**Instructions to follow:** An exact copy of every entry is needed, without any of the pictures.

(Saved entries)
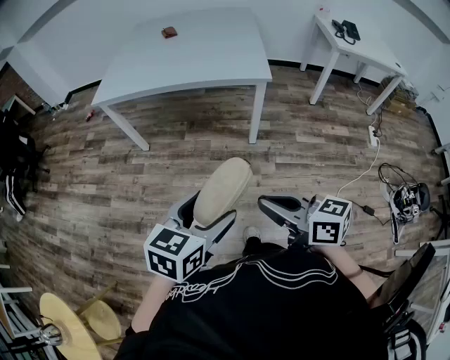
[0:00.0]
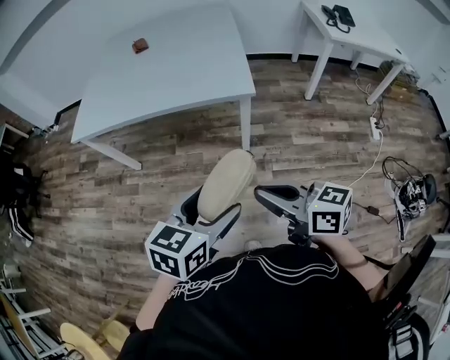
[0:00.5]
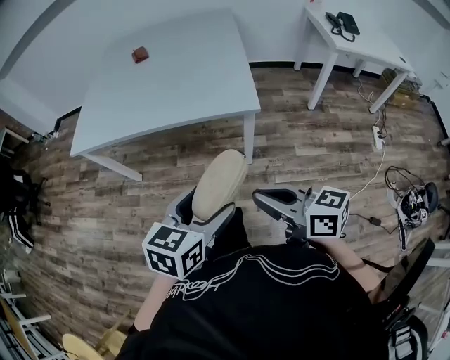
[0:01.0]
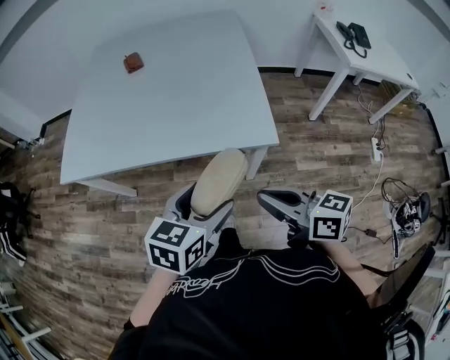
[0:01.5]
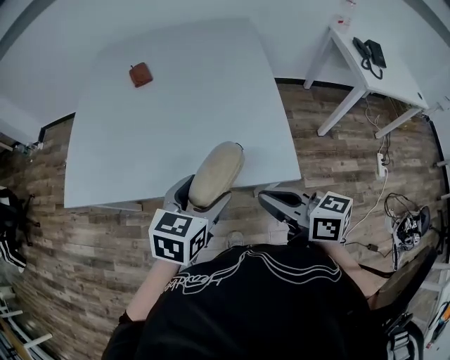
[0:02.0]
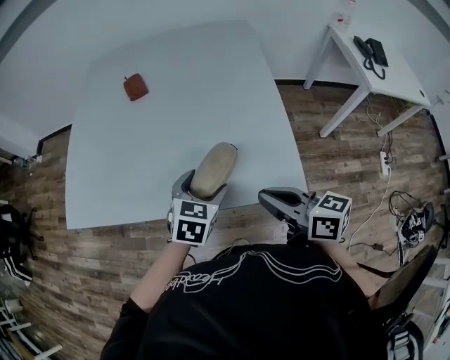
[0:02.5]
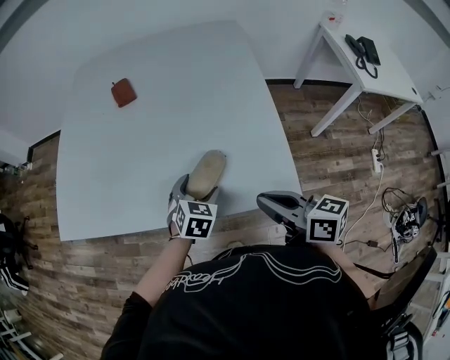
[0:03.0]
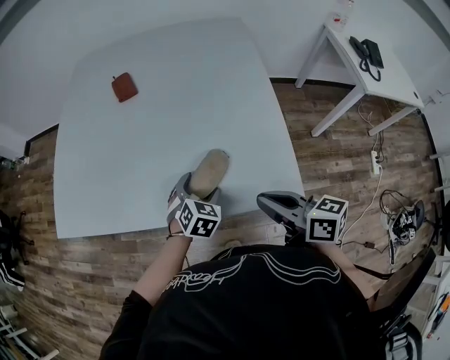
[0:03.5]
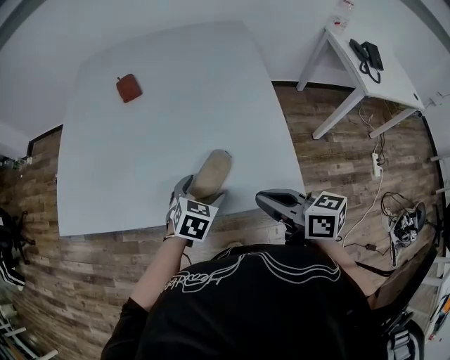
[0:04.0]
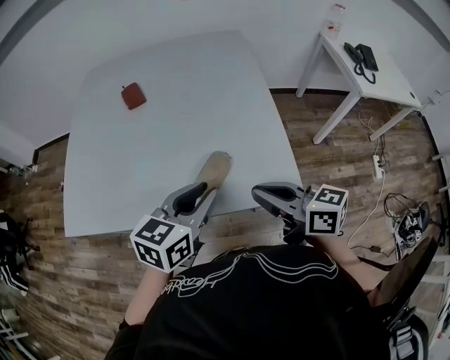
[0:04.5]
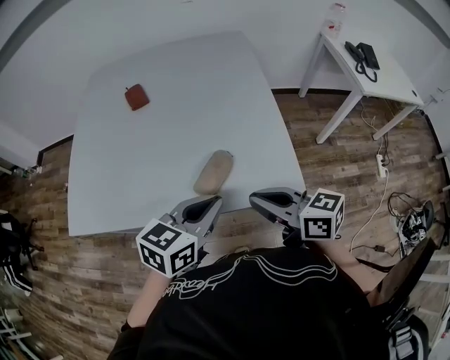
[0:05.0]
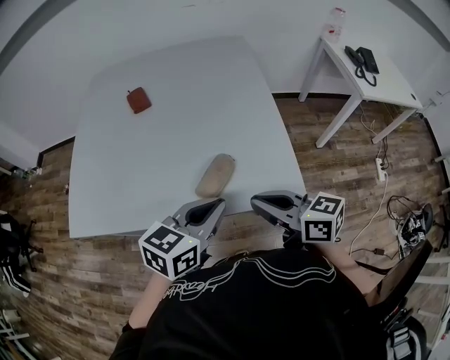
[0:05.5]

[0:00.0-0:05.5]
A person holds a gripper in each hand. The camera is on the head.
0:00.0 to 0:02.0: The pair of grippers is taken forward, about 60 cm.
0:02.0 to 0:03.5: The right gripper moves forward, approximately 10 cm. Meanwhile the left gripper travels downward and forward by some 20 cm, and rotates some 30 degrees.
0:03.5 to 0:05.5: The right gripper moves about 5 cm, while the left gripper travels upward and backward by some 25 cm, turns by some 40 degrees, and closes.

**Your response:**
[0:00.0]
[0:00.5]
[0:01.0]
[0:01.5]
[0:02.0]
[0:02.5]
[0:03.0]
[0:03.5]
[0:04.0]
[0:04.5]
[0:05.0]
[0:05.5]

[0:00.0-0:05.5]
A person holds a gripper in each hand. The camera is on the head.
0:00.0 to 0:02.0: The pair of grippers is taken forward, about 60 cm.
0:02.0 to 0:03.5: The right gripper moves forward, approximately 10 cm. Meanwhile the left gripper travels downward and forward by some 20 cm, and rotates some 30 degrees.
0:03.5 to 0:05.5: The right gripper moves about 5 cm, while the left gripper travels upward and backward by some 25 cm, turns by some 40 degrees, and closes.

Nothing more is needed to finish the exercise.